[TASK DESCRIPTION] Reproduce exactly, with no other output, every line of the data below from the line containing "#16837 = CARTESIAN_POINT" to the end, inclusive.

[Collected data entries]
☆ ☆ ☆

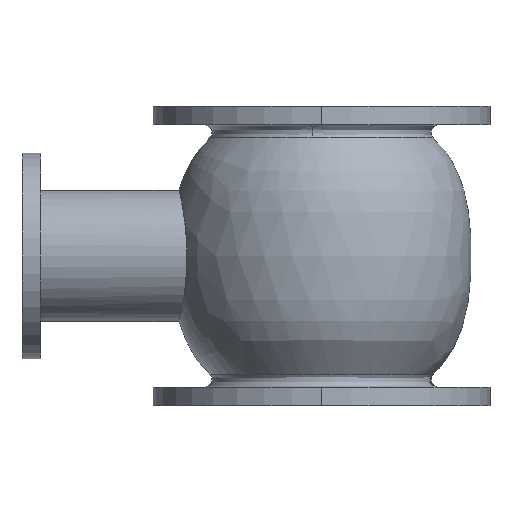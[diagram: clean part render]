
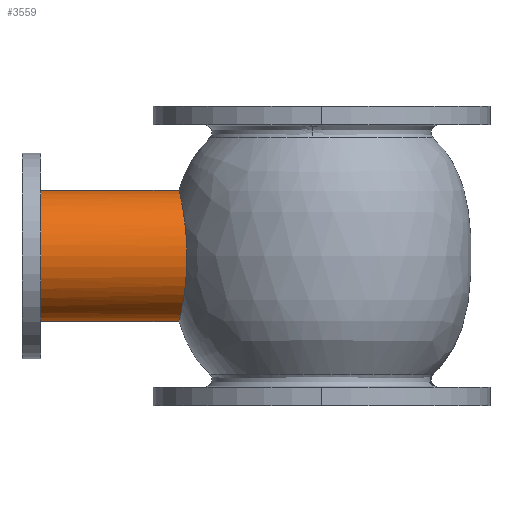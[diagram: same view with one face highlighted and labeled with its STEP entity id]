
A CAD part, left-side view. The second image highlights one B-rep face of the part: STEP entity #3559.
In plain terms, the highlighted cylindrical face has radius 17.5 mm (diameter 35 mm), a partial arc.
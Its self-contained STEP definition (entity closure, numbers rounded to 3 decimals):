
#2 = CARTESIAN_POINT ( 'NONE',  ( -15.7, 36.391, -27.248 ) ) ;
#263 = ORIENTED_EDGE ( 'NONE', *, *, #6814, .F. ) ;
#874 = CARTESIAN_POINT ( 'NONE',  ( -7.774, 37.64, -19.28 ) ) ;
#959 = CYLINDRICAL_SURFACE ( 'NONE', #16853, 17.5 ) ;
#1040 = CARTESIAN_POINT ( 'NONE',  ( -4.558, 37.911, -51.935 ) ) ;
#1376 = CARTESIAN_POINT ( 'NONE',  ( -1.145, 38.042, -52.472 ) ) ;
#1726 = ORIENTED_EDGE ( 'NONE', *, *, #8238, .F. ) ;
#2249 = CARTESIAN_POINT ( 'NONE',  ( -13.182, 36.884, -23.434 ) ) ;
#2254 = DIRECTION ( 'NONE',  ( 0., 1., 0. ) ) ;
#2335 = CARTESIAN_POINT ( 'NONE',  ( -13.905, 36.753, -24.312 ) ) ;
#2421 = CARTESIAN_POINT ( 'NONE',  ( 0., 38.049, -52.5 ) ) ;
#2467 = CARTESIAN_POINT ( 'NONE',  ( 0., 38.049, -17.5 ) ) ;
#2503 = CARTESIAN_POINT ( 'NONE',  ( -15.696, 36.392, -42.759 ) ) ;
#2583 = CARTESIAN_POINT ( 'NONE',  ( -17.388, 35.999, -32.709 ) ) ;
#2668 = CARTESIAN_POINT ( 'NONE',  ( -15.944, 36.338, -27.763 ) ) ;
#2751 = CARTESIAN_POINT ( 'NONE',  ( -16.573, 36.196, -29.352 ) ) ;
#3559 = ADVANCED_FACE ( 'NONE', ( #7574 ), #959, .T. ) ;
#3627 = CARTESIAN_POINT ( 'NONE',  ( -11.976, 37.082, -22.227 ) ) ;
#3714 = CARTESIAN_POINT ( 'NONE',  ( -12.778, 36.951, -46.971 ) ) ;
#3801 = CARTESIAN_POINT ( 'NONE',  ( 0., -45.001, -35. ) ) ;
#3882 = CARTESIAN_POINT ( 'NONE',  ( -7.757, 37.637, -50.698 ) ) ;
#4045 = CARTESIAN_POINT ( 'NONE',  ( -13.89, 36.753, -45.66 ) ) ;
#4157 = VECTOR ( 'NONE', #10986, 1000. ) ;
#4485 = B_SPLINE_CURVE_WITH_KNOTS ( 'NONE', 3,
 ( #16420, #4662, #12726, #15291, #14094, #8773, #4748, #874, #11351, #6123, #8607, #14011, #3627, #2249, #2335, #7486, #7735, #2, #2668, #14179, #2751, #15716, #15803, #2583, #14508, #6374, #14341, #5332, #11683, #7820, #15461, #11763, #2503, #12810, #14257, #5165, #4045, #10397, #3714, #16837, #16754, #10568, #5247, #3882, #14421, #12893, #1040, #6293, #13063, #1376, #10482, #2421 ),
 .UNSPECIFIED., .F., .F.,
 ( 4, 2, 2, 2, 2, 2, 2, 2, 2, 2, 2, 2, 2, 2, 2, 2, 2, 2, 2, 2, 2, 2, 2, 2, 2, 4 ),
 ( 0., 0.003, 0.005, 0.007, 0.01, 0.012, 0.014, 0.017, 0.019, 0.021, 0.022, 0.024, 0.027, 0.029, 0.031, 0.034, 0.036, 0.038, 0.039, 0.041, 0.045, 0.046, 0.048, 0.051, 0.053, 0.055 ),
 .UNSPECIFIED. ) ;
#4662 = CARTESIAN_POINT ( 'NONE',  ( -1.161, 38.049, -17.5 ) ) ;
#4748 = CARTESIAN_POINT ( 'NONE',  ( -6.186, 37.785, -18.62 ) ) ;
#4764 = CARTESIAN_POINT ( 'NONE',  ( 0., 75., -35. ) ) ;
#5165 = CARTESIAN_POINT ( 'NONE',  ( -14.229, 36.689, -45.203 ) ) ;
#5228 = AXIS2_PLACEMENT_3D ( 'NONE', #4764, #12483, #6055 ) ;
#5247 = CARTESIAN_POINT ( 'NONE',  ( -8.772, 37.524, -50.154 ) ) ;
#5332 = CARTESIAN_POINT ( 'NONE',  ( -17.359, 36.005, -37.293 ) ) ;
#5813 = VERTEX_POINT ( 'NONE', #6261 ) ;
#5931 = CARTESIAN_POINT ( 'NONE',  ( 0., -45.001, -52.5 ) ) ;
#6055 = DIRECTION ( 'NONE',  ( 0., 0., 1. ) ) ;
#6123 = CARTESIAN_POINT ( 'NONE',  ( -10.203, 37.343, -20.77 ) ) ;
#6261 = CARTESIAN_POINT ( 'NONE',  ( 0., 38.049, -52.5 ) ) ;
#6293 = CARTESIAN_POINT ( 'NONE',  ( -2.869, 37.993, -52.273 ) ) ;
#6374 = CARTESIAN_POINT ( 'NONE',  ( -17.5, 35.969, -35.565 ) ) ;
#6814 = EDGE_CURVE ( 'NONE', #12357, #7941, #14269, .T. ) ;
#7486 = CARTESIAN_POINT ( 'NONE',  ( -14.864, 36.565, -25.746 ) ) ;
#7574 = FACE_OUTER_BOUND ( 'NONE', #11743, .T. ) ;
#7735 = CARTESIAN_POINT ( 'NONE',  ( -15.161, 36.504, -26.241 ) ) ;
#7820 = CARTESIAN_POINT ( 'NONE',  ( -16.937, 36.11, -39.55 ) ) ;
#7941 = VERTEX_POINT ( 'NONE', #16352 ) ;
#8238 = EDGE_CURVE ( 'NONE', #5813, #12357, #14930, .T. ) ;
#8437 = ORIENTED_EDGE ( 'NONE', *, *, #8745, .F. ) ;
#8607 = CARTESIAN_POINT ( 'NONE',  ( -10.666, 37.279, -21.114 ) ) ;
#8745 = EDGE_CURVE ( 'NONE', #11337, #5813, #4485, .T. ) ;
#8773 = CARTESIAN_POINT ( 'NONE',  ( -5.64, 37.829, -18.424 ) ) ;
#8946 = DIRECTION ( 'NONE',  ( 0., 0., 1. ) ) ;
#10397 = CARTESIAN_POINT ( 'NONE',  ( -13.166, 36.884, -46.543 ) ) ;
#10482 = CARTESIAN_POINT ( 'NONE',  ( -0.572, 38.049, -52.5 ) ) ;
#10568 = CARTESIAN_POINT ( 'NONE',  ( -9.261, 37.465, -49.859 ) ) ;
#10986 = DIRECTION ( 'NONE',  ( 0., 1., 0. ) ) ;
#11337 = VERTEX_POINT ( 'NONE', #2467 ) ;
#11351 = CARTESIAN_POINT ( 'NONE',  ( -8.778, 37.528, -19.818 ) ) ;
#11391 = EDGE_CURVE ( 'NONE', #11337, #7941, #16716, .T. ) ;
#11683 = CARTESIAN_POINT ( 'NONE',  ( -17.274, 36.027, -37.864 ) ) ;
#11743 = EDGE_LOOP ( 'NONE', ( #1726, #8437, #15801, #263 ) ) ;
#11763 = CARTESIAN_POINT ( 'NONE',  ( -15.944, 36.338, -42.236 ) ) ;
#12357 = VERTEX_POINT ( 'NONE', #13524 ) ;
#12483 = DIRECTION ( 'NONE',  ( 0., 1., 0. ) ) ;
#12726 = CARTESIAN_POINT ( 'NONE',  ( -2.301, 38.02, -17.614 ) ) ;
#12810 = CARTESIAN_POINT ( 'NONE',  ( -15.155, 36.505, -43.769 ) ) ;
#12893 = CARTESIAN_POINT ( 'NONE',  ( -5.649, 37.833, -51.603 ) ) ;
#13063 = CARTESIAN_POINT ( 'NONE',  ( -2.294, 38.014, -52.359 ) ) ;
#13524 = CARTESIAN_POINT ( 'NONE',  ( 0., 75., -52.5 ) ) ;
#14011 = CARTESIAN_POINT ( 'NONE',  ( -11.553, 37.149, -21.843 ) ) ;
#14094 = CARTESIAN_POINT ( 'NONE',  ( -4.538, 37.906, -18.089 ) ) ;
#14179 = CARTESIAN_POINT ( 'NONE',  ( -16.38, 36.24, -28.815 ) ) ;
#14257 = CARTESIAN_POINT ( 'NONE',  ( -14.862, 36.565, -44.257 ) ) ;
#14269 = CIRCLE ( 'NONE', #5228, 17.5 ) ;
#14341 = CARTESIAN_POINT ( 'NONE',  ( -17.472, 35.976, -36.14 ) ) ;
#14421 = CARTESIAN_POINT ( 'NONE',  ( -7.235, 37.69, -50.945 ) ) ;
#14508 = CARTESIAN_POINT ( 'NONE',  ( -17.499, 35.969, -33.847 ) ) ;
#14930 = LINE ( 'NONE', #5931, #4157 ) ;
#15181 = CARTESIAN_POINT ( 'NONE',  ( 0., -45.001, -17.5 ) ) ;
#15291 = CARTESIAN_POINT ( 'NONE',  ( -3.982, 37.939, -17.95 ) ) ;
#15342 = DIRECTION ( 'NONE',  ( 0., 1., 0. ) ) ;
#15461 = CARTESIAN_POINT ( 'NONE',  ( -16.605, 36.19, -40.643 ) ) ;
#15716 = CARTESIAN_POINT ( 'NONE',  ( -16.908, 36.117, -30.449 ) ) ;
#15801 = ORIENTED_EDGE ( 'NONE', *, *, #11391, .T. ) ;
#15803 = CARTESIAN_POINT ( 'NONE',  ( -17.05, 36.082, -31.013 ) ) ;
#16352 = CARTESIAN_POINT ( 'NONE',  ( 0., 75., -17.5 ) ) ;
#16420 = CARTESIAN_POINT ( 'NONE',  ( 0., 38.049, -17.5 ) ) ;
#16716 = LINE ( 'NONE', #15181, #16946 ) ;
#16754 = CARTESIAN_POINT ( 'NONE',  ( -10.681, 37.282, -48.909 ) ) ;
#16837 = CARTESIAN_POINT ( 'NONE',  ( -11.56, 37.151, -48.188 ) ) ;
#16853 = AXIS2_PLACEMENT_3D ( 'NONE', #3801, #2254, #8946 ) ;
#16946 = VECTOR ( 'NONE', #15342, 1000. ) ;

☆ ☆ ☆

[SOLUTION]
#16837 = CARTESIAN_POINT ( 'NONE',  ( -11.56, 37.151, -48.188 ) ) ;
#16853 = AXIS2_PLACEMENT_3D ( 'NONE', #3801, #2254, #8946 ) ;
#16946 = VECTOR ( 'NONE', #15342, 1000. ) ;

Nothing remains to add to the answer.